Assigned task - Only the number is wanted: how many lines below contain "highlighted"?

Available data -
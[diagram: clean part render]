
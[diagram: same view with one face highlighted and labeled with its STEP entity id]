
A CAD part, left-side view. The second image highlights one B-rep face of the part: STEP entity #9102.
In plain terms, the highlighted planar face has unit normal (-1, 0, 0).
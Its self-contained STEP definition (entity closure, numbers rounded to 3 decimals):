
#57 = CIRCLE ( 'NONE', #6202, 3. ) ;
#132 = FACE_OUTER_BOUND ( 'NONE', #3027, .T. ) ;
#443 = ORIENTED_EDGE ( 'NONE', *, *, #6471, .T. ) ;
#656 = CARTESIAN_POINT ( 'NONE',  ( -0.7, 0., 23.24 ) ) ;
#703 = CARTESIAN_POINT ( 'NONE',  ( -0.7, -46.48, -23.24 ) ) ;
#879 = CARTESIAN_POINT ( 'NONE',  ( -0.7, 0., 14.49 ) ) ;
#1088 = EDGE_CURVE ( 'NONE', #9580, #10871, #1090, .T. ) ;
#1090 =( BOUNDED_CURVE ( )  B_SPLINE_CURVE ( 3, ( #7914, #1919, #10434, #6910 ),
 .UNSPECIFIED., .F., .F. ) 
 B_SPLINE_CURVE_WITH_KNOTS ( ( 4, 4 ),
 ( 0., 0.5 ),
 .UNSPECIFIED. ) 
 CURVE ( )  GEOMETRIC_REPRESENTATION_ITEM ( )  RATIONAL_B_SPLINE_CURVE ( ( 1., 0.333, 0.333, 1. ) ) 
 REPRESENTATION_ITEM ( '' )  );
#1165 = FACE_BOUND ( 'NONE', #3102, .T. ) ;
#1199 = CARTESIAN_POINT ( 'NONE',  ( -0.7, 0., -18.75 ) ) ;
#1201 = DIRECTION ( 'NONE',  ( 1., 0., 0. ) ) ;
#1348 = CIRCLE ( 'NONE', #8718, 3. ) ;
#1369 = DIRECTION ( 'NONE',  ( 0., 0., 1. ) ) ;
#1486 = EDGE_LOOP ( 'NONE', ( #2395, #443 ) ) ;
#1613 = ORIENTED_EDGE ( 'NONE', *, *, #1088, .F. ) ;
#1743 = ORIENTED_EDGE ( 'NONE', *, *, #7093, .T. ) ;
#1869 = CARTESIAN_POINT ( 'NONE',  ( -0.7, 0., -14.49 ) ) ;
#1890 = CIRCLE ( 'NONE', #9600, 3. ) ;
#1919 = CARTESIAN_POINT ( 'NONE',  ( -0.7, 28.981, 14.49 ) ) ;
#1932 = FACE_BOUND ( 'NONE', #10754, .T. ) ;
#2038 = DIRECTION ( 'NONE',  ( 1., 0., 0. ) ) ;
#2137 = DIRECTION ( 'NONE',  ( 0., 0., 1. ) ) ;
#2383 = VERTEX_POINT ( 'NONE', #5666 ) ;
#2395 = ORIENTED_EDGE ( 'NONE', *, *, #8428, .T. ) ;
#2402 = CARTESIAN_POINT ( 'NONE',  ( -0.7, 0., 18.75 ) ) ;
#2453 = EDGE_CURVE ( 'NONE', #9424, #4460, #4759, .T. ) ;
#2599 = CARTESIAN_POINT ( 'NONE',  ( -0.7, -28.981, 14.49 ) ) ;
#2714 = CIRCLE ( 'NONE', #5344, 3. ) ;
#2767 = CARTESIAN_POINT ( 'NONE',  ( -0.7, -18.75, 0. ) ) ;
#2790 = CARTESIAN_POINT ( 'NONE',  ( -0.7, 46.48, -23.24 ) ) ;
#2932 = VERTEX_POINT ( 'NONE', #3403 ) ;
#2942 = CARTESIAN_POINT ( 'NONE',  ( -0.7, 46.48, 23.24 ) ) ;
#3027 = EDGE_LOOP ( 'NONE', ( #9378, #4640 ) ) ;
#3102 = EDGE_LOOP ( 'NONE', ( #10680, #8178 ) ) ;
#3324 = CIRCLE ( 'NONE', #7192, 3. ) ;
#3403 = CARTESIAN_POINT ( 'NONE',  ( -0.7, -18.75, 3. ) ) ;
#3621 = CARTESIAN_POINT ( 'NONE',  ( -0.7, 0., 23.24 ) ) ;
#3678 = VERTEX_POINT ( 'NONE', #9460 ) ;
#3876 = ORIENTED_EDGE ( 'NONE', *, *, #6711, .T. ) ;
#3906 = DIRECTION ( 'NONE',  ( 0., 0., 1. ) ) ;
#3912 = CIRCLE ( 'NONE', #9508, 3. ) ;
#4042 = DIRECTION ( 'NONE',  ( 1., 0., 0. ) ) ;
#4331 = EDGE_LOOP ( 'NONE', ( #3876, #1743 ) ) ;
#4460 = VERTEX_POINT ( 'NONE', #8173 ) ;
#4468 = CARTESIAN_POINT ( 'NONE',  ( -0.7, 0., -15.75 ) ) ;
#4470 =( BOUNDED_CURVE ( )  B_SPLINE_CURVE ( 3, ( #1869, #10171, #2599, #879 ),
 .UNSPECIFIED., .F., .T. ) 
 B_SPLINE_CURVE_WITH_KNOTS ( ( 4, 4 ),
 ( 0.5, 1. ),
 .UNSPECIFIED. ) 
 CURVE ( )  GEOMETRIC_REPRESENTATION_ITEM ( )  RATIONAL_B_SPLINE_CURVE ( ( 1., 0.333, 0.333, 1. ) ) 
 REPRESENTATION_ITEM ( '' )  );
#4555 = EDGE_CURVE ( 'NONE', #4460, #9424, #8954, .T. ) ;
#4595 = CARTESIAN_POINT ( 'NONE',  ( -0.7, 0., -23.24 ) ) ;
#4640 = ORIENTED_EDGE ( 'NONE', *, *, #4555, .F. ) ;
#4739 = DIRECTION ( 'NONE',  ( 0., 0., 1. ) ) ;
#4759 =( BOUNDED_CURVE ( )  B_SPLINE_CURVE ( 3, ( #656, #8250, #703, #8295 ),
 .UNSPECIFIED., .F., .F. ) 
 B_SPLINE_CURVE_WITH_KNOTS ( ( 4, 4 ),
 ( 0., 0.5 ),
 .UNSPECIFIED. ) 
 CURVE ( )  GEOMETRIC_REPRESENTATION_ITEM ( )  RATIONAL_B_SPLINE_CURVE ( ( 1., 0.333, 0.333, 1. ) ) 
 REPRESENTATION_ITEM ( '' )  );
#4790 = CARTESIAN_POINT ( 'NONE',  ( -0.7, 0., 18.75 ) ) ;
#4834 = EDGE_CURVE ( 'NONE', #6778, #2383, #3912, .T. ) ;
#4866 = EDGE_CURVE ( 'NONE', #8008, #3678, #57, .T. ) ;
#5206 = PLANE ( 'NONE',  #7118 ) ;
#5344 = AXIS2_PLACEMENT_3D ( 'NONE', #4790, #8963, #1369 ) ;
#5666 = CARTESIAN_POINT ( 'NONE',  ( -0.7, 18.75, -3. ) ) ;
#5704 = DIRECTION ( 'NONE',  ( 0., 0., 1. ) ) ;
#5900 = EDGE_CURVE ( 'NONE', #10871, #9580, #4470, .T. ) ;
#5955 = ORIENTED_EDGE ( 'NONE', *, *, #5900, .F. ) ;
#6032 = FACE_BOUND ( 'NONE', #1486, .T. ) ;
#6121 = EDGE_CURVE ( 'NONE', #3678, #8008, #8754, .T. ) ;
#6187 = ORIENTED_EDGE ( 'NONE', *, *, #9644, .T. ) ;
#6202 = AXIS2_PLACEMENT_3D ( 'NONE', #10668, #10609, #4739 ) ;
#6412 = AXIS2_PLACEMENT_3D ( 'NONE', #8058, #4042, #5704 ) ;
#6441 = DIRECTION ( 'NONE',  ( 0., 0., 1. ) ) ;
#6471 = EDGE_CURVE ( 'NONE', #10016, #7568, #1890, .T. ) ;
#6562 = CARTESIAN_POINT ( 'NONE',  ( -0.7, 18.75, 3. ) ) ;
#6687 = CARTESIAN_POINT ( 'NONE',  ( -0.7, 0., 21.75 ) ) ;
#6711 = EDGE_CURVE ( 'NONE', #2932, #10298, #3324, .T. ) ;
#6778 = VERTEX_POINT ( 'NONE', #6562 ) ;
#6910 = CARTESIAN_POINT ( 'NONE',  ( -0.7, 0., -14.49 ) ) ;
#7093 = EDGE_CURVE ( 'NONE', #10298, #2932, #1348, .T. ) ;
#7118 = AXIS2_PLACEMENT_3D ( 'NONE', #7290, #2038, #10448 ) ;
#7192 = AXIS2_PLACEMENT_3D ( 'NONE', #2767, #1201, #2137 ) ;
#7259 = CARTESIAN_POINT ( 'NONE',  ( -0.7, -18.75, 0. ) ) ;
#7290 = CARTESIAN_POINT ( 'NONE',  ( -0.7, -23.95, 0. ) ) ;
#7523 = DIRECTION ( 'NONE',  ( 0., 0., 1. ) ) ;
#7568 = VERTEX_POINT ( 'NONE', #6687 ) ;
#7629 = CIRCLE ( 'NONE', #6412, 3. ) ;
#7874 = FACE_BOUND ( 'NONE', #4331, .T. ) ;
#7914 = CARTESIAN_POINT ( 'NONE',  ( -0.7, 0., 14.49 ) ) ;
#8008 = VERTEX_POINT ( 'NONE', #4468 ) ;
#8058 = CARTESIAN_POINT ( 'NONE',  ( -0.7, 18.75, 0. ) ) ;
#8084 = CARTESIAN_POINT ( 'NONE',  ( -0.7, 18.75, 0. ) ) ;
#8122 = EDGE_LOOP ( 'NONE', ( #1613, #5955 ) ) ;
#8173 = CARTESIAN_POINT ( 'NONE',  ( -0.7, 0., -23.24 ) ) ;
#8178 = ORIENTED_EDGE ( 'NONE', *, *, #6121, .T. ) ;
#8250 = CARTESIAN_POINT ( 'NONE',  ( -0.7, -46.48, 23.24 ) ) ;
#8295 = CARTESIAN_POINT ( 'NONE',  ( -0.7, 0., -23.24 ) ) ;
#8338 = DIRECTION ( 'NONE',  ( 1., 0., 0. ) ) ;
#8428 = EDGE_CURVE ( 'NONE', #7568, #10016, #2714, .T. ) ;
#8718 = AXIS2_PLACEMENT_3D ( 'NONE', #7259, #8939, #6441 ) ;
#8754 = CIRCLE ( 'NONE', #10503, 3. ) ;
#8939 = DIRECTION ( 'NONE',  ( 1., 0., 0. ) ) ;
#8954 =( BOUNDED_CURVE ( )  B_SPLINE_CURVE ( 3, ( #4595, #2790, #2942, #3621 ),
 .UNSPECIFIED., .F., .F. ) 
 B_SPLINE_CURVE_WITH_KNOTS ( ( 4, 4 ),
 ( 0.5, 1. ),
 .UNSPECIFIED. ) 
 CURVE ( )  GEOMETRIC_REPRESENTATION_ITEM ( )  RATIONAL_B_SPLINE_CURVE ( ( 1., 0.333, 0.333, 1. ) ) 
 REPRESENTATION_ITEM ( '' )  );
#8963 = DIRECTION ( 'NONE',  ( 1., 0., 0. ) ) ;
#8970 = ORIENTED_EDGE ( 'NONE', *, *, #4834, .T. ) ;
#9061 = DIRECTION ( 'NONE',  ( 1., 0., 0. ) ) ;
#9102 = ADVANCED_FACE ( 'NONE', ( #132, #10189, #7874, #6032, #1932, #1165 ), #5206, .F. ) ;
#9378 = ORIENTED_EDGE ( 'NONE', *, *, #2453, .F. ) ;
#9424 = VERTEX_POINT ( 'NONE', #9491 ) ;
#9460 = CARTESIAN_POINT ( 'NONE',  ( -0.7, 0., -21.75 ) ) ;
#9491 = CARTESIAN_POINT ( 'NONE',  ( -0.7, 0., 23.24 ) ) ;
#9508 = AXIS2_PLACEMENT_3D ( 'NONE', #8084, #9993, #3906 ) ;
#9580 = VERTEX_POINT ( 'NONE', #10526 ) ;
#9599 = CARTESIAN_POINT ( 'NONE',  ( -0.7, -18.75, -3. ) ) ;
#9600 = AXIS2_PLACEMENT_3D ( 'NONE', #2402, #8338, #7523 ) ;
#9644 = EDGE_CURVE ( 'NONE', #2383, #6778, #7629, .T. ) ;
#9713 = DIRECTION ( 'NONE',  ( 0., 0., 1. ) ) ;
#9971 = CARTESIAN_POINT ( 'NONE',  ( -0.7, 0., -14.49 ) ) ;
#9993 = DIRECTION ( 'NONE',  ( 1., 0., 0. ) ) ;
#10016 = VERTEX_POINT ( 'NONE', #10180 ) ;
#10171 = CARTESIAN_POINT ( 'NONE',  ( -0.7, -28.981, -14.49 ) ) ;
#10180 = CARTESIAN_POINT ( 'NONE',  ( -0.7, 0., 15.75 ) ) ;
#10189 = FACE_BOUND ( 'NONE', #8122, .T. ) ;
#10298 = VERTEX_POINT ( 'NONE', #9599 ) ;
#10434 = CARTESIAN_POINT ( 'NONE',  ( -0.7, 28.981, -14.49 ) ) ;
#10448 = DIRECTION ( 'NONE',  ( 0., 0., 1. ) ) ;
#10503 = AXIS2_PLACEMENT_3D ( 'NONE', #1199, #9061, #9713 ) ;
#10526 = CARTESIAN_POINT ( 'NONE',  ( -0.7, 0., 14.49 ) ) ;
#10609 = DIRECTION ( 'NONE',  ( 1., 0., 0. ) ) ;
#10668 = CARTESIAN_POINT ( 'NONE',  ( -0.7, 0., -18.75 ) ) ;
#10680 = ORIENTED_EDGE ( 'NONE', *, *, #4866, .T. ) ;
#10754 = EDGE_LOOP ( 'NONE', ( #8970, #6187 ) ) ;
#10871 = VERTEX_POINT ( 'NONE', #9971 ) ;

Reply to the exercise - 2